The defeat of the Toubenan resulted in a permanent reimposition of Hassani dominance over the Zawiya clans, as well as the restoration of the Wolof and Tukulor kings. Nonetheless, Nāir al-Dīn’s jihad continued to have an important political and ideological impact in West African history. Lines of reform tradition stretch from the Toubenan to the later Senegambian jihads of the eighteenth century. Nāir al-Dīn established the Muslim-style imamate as the standard form of government for all of them. He preached reform, returning to the ideal Muslim community of early Islamic times, and he also established the tradition of jihad as a means of prosecuting a reformist agenda. Though he failed to overcome the Hassani, he did temporarily establish Islamic rule over much of the Lower Senegal.

Many Tukulor clerics of Futa Toro who supported Nāir al-Dīn fled to other parts of Senegambia when the deniyanke
satigi returned to power in 1677, carrying the institution of the imamate and jihad and reform traditions with them. Nāir al-Dīn’s jihad was, therefore, the first in a series of Islamic reform movements leading up to the great West African jihad states of the nineteenth century. Some scholars argue that the jihad of Nāir al-Dīn laid the political, social, and religious foundations upon which much of modern West Africa was built.



Further Reading

  • Barry, Boubacar. Senegambia and the Atlantic Slave Trade. New York: Cambridge University Press, 1998. Barry examines the economic impact of Nāir al-Dīn’s movement, especially as it relates to the transatlantic and trans-Saharan slave trades.
  • Clark, Andrew Francis, and Lucie Colvin Phillips.

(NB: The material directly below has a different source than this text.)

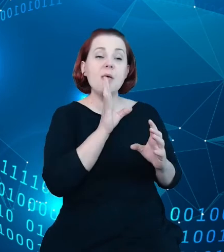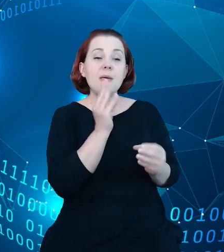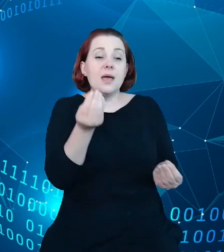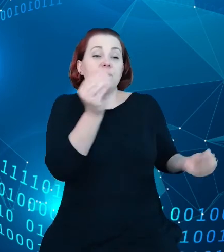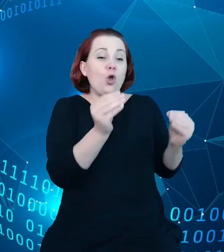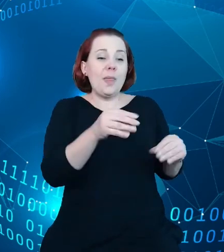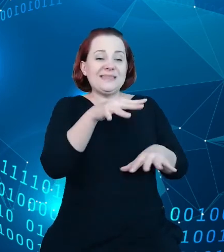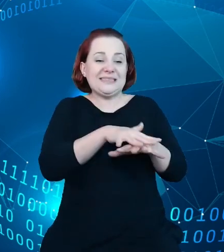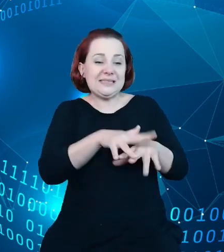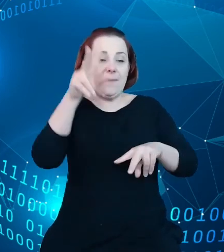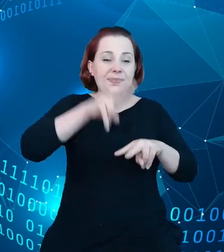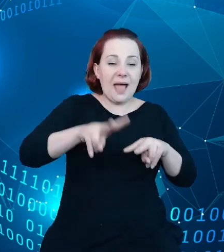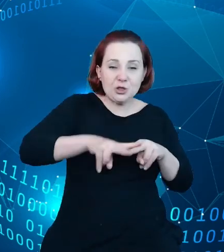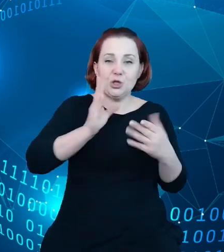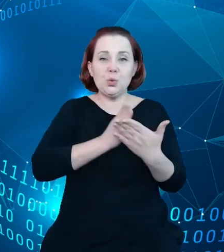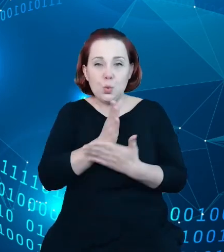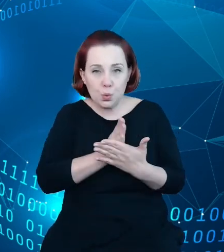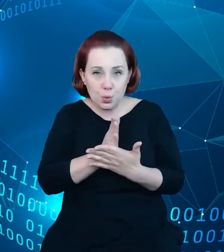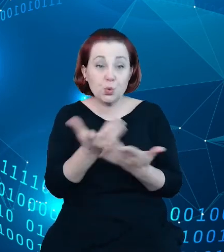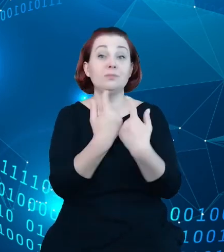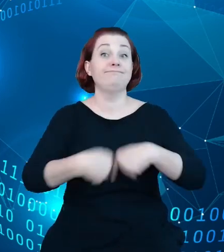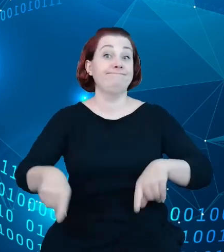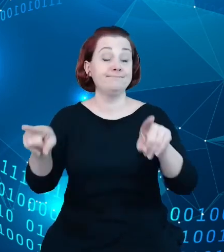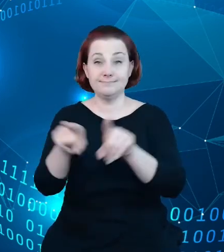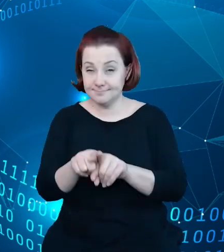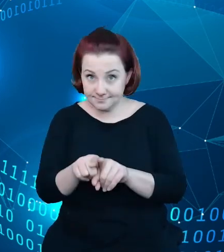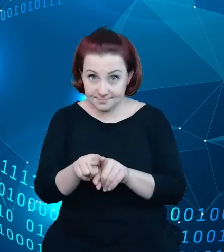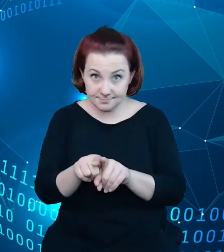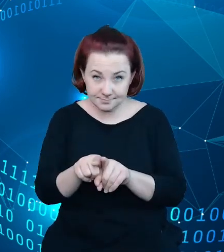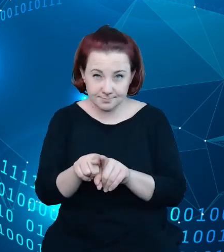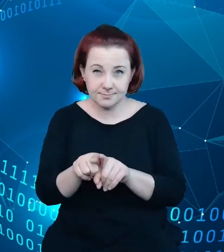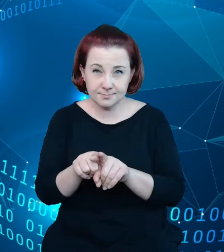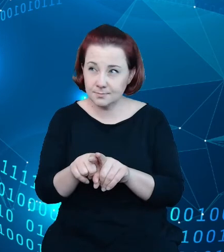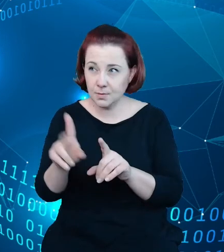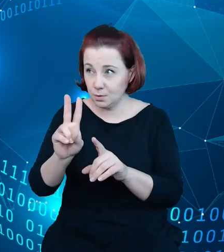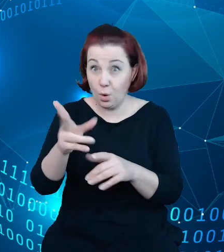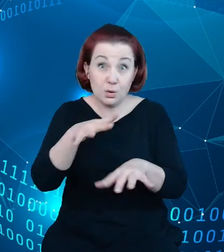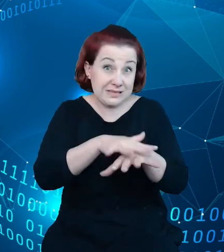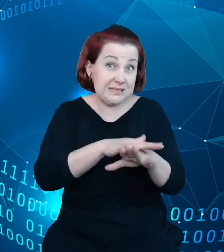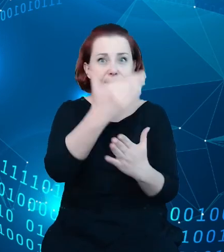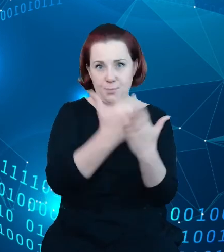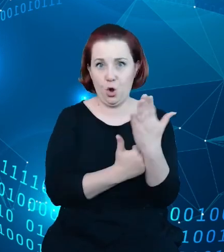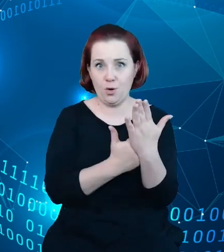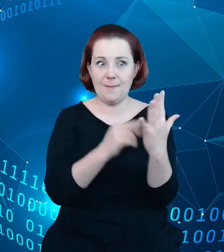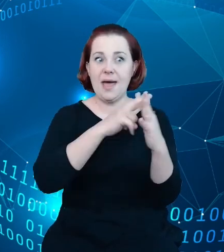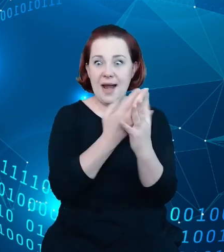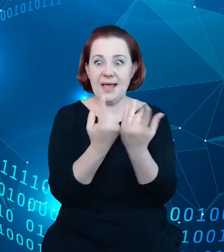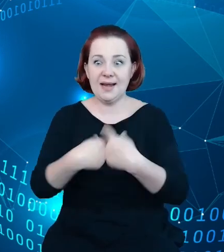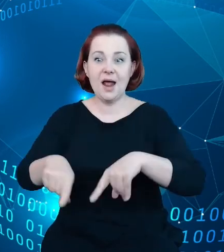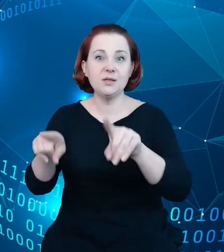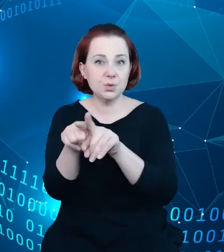usług realizowanych przez sam system, sam rejestr przez podmioty zewnętrzne,

Historical Dictionary of Senegal. Lanham, Md.: Scarecrow Press, 1995. A good reference to Senegal’s history.
  • Curtin, Philip. “Jihad in West Africa: Early Phases and Interrelations in Mauritania and Senegal.” Journal of African History 12 (1971): 11-24. Curtin gives a brief account of the movement and its role in developing the jihad pattern in West African Islam.
  • Harmon, Stephen. “Islamic Reform and Community in Senegambia: c. 1660-1800.” Afrika Zamani (1997): 55-85. Harmon examines the jihad, with a focus on its Islamic dimensions, and places it in the broader context of West African Islamic history.

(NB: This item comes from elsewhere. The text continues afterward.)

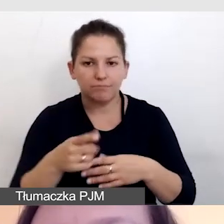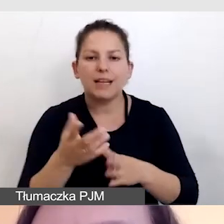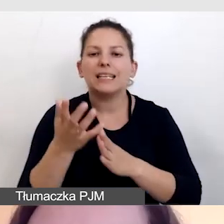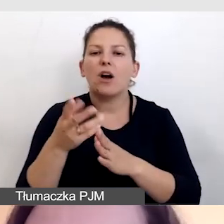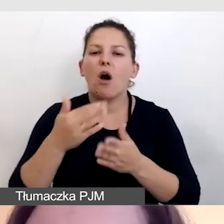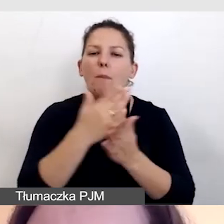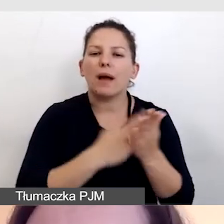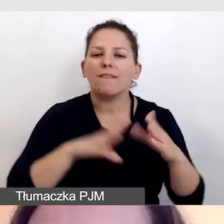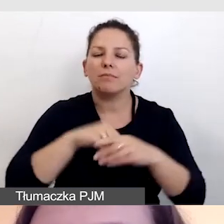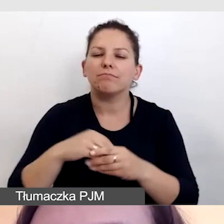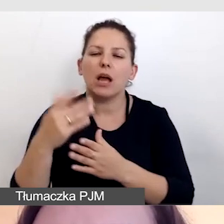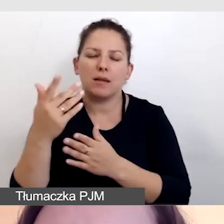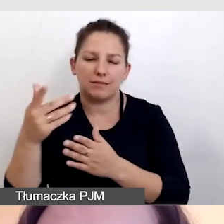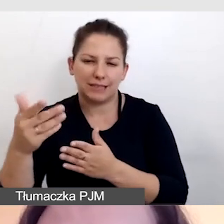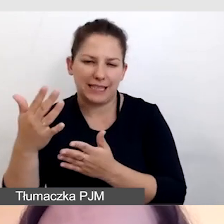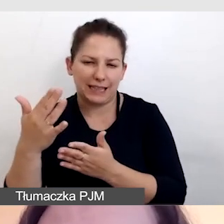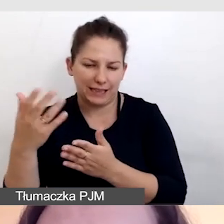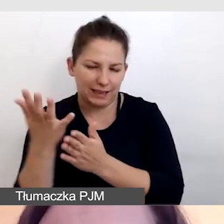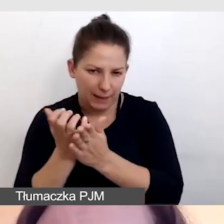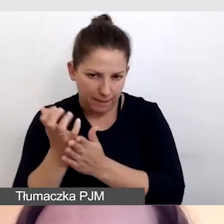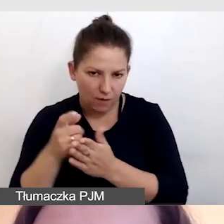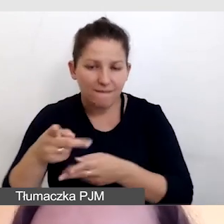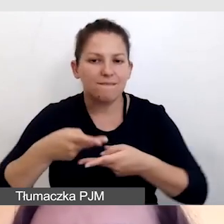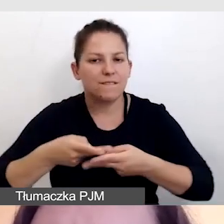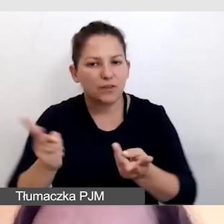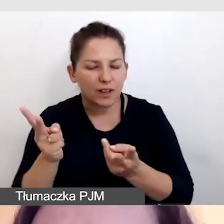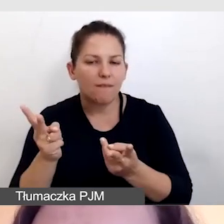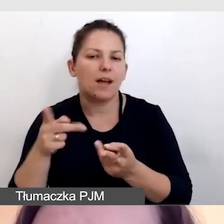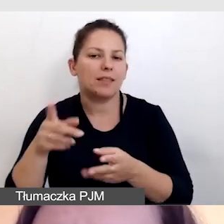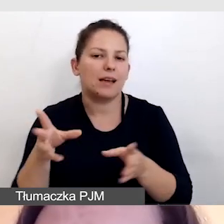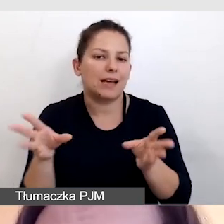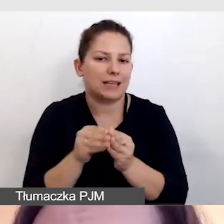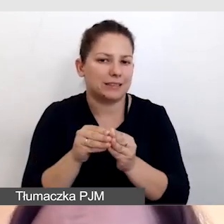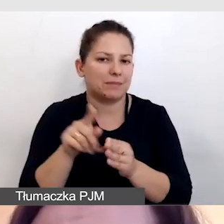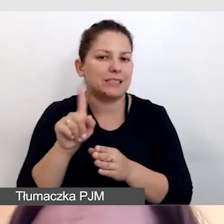montowane z obrazem i wyświetlane razem z transmisją.

  • Norris, H. T. “Znaga Islam During the Seventeenth and Eighteenth Centuries” Bulletin of the School of Oriental and African Studies 32 (1969): 496-526. Norris discusses the evolution of Islam and Islamic reform in Mauritanian society during the time of Nāir al-Dīn.
  • Northrup, Daniel, ed. The Atlantic Slave Trade. Boston: Houghton Mifflin, 2002. A collection of documents touching on the various issues relating mainly to trade’s underlying economic factors.
  • Stewart, Charles. Islam and Social Order in Mauritania. New York: Oxford University Press, 1973. Stewart explains the clan and class structures of Moorish society and the role played in those structures by the Zawiya, or maraboutic clans.